December 2007 is a critical juncture in the implementation of the 13 February Agreement. The United States understands the agreement to require a complete and accountable declaration on North Korean fissile material in preparation for its removal, as well as accounting for the alleged HEU program. If undertaken, these two steps would demonstrate a political and strategic decision by North Korea to give up its nuclear weapons program.

The nuclear issue has, in many ways, distracted international attention from arguably more pressing issues in North Korea. These include ongoing human rights abuses, a lack of meaningful economic reform, and a failure to prepare for political succession.

Changing Japan

Japan is currently undergoing a period of substantial domestic political change. Support for the ruling Liberal Democratic Party (LDP), which has been in office for all but two years since its formation in 1955, has fallen significantly. In September 2006, the highly popular Prime Minister Junichiro Koizumi was succeeded by Shinzo Abe. In July 2007, the LDP lost its majority in the upper house of the Diet and after just one year in office, Abe resigned on 12 September 2007, to be replaced by Yasuo Fukuda.

The fall in public support for the LDP has been accompanied by a rise in support for the Democratic Party of Japan (DPJ), which after the July 2007 elections gained control of the upper house. The DPJ, led by Ichiro Ozawa, a former Chief Secretary of the LDP, has sought to block key legislation in order to force the ruling LDP to call a general election.

The dynamic domestic situation has already affected Japan’s international relationships. The DPJ has opposed a Bill to extend the Anti-Terrorism Special Measures Law, which enables the Japanese Self-Defence Forces to provide logistical support for the United Nations chartered international mission in Afghanistan.

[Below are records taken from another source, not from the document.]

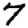
Digit: 7
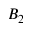
B _ { 2 }
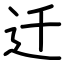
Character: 迁
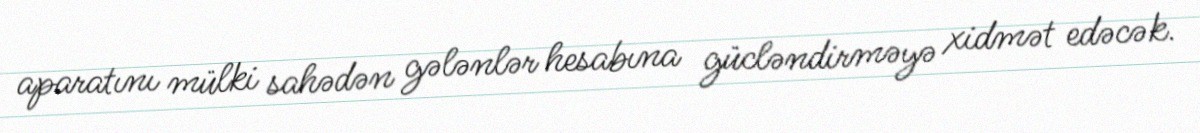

Japanese logistical support, predominantly in the form of refuelling operations in the Indian Ocean, was suspended on 1 November 2007. The current sitting period of the Diet has been extended until 15 December 2007 to debate the Bill. A plenary session of the lower house passed the Bill on 13 November 2007. If the upper house does not pass it, the Bill can be passed into law by a second vote with a two-thirds majority in the lower house. However, forcing the Bill into law in this way could be viewed as a failure in Fukuda’s ability as a consensus builder, upon which his reputation and public support is based.

Japan’s dynamic domestic political situation also has the potential to affect its bilateral relations with Australia in terms of both trade and security:

  • Negotiations for a bilateral Free Trade Agreement (FTA) began in April 2007. As part of the FTA, Australia will seek relaxation of Japan’s high agricultural tariffs. Certain factions within the LDP traditionally have been strong supporters of high agricultural tariffs. Consequently, the DPJ may view opposition to an FTA with Australia as a convenient wedge issue to draw support away from the LDP.

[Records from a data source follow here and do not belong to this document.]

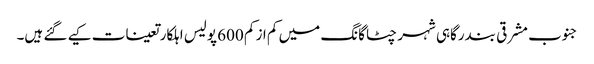
جنوب مشرقی بندرگاہی شہر چٹاگانگ میں کم از کم 600 پولیس اہلکار تعینات کیے گئے ہیں۔
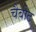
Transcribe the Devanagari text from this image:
चैबोट
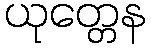
ယုတ္တေန
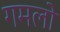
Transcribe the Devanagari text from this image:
गमलो
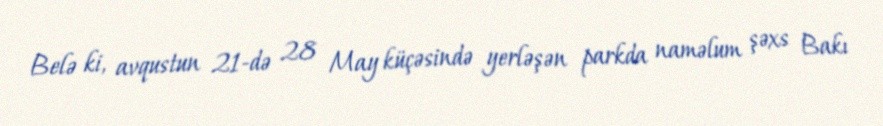
Belə ki, avqustun 21-də 28 May küçəsində yerləşən parkda naməlum şəxs Bakı
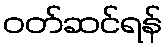
ဝတ်ဆင်ရန်
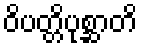
ဝိပတ္တိပုစ္ဆာတိ
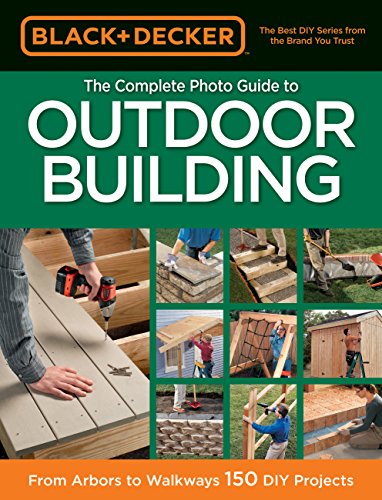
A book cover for Black & Decker The Complete Photo Guide to Outdoor Building: From Arbors to Walkways: 150 DIY Projects; Editors of CPi; Crafts, Hobbies & Home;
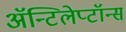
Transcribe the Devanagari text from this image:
ॲन्टिलेप्टॉन्स

  • In March 2007, Australia and Japan signed the Joint Declaration on Security Cooperation, and in June 2007 held the first Australia–Japan Joint Foreign and Defence Ministerial Consultations. Closer bilateral security cooperation between Japan and Australia is in part a manifestation of trends in Japan towards diplomatic normalisation—removing ‘pacifist’ restrictions on diplomatic behaviour that were imposed after Japan’s defeat in the Second World War and seeking political influence commensurate to its position as the world’s second largest economy. Diplomatic normalisation, in particular the security related aspects, are especially controversial in Japan’s domestic politics.

The success of Australia’s bilateral relationship with Japan is built on a strong base of natural economic complementarity and shared political values. Closer bilateral cooperation in the economic and security fields could be viewed as a natural progression. However, closer bilateral cooperation and Japan’s dynamic domestic political situation could present challenges to the relationship that have largely been absent during 50 years of LDP rule.

Documentation
Mark Beeson and Hidetaka Yoshimatsu, ‘Asia’s odd men out: Australia, Japan and the politics of regionalism’, International Relations of the Asia-Pacific, vol. 7, no. 2, 2007, pp. 227–50.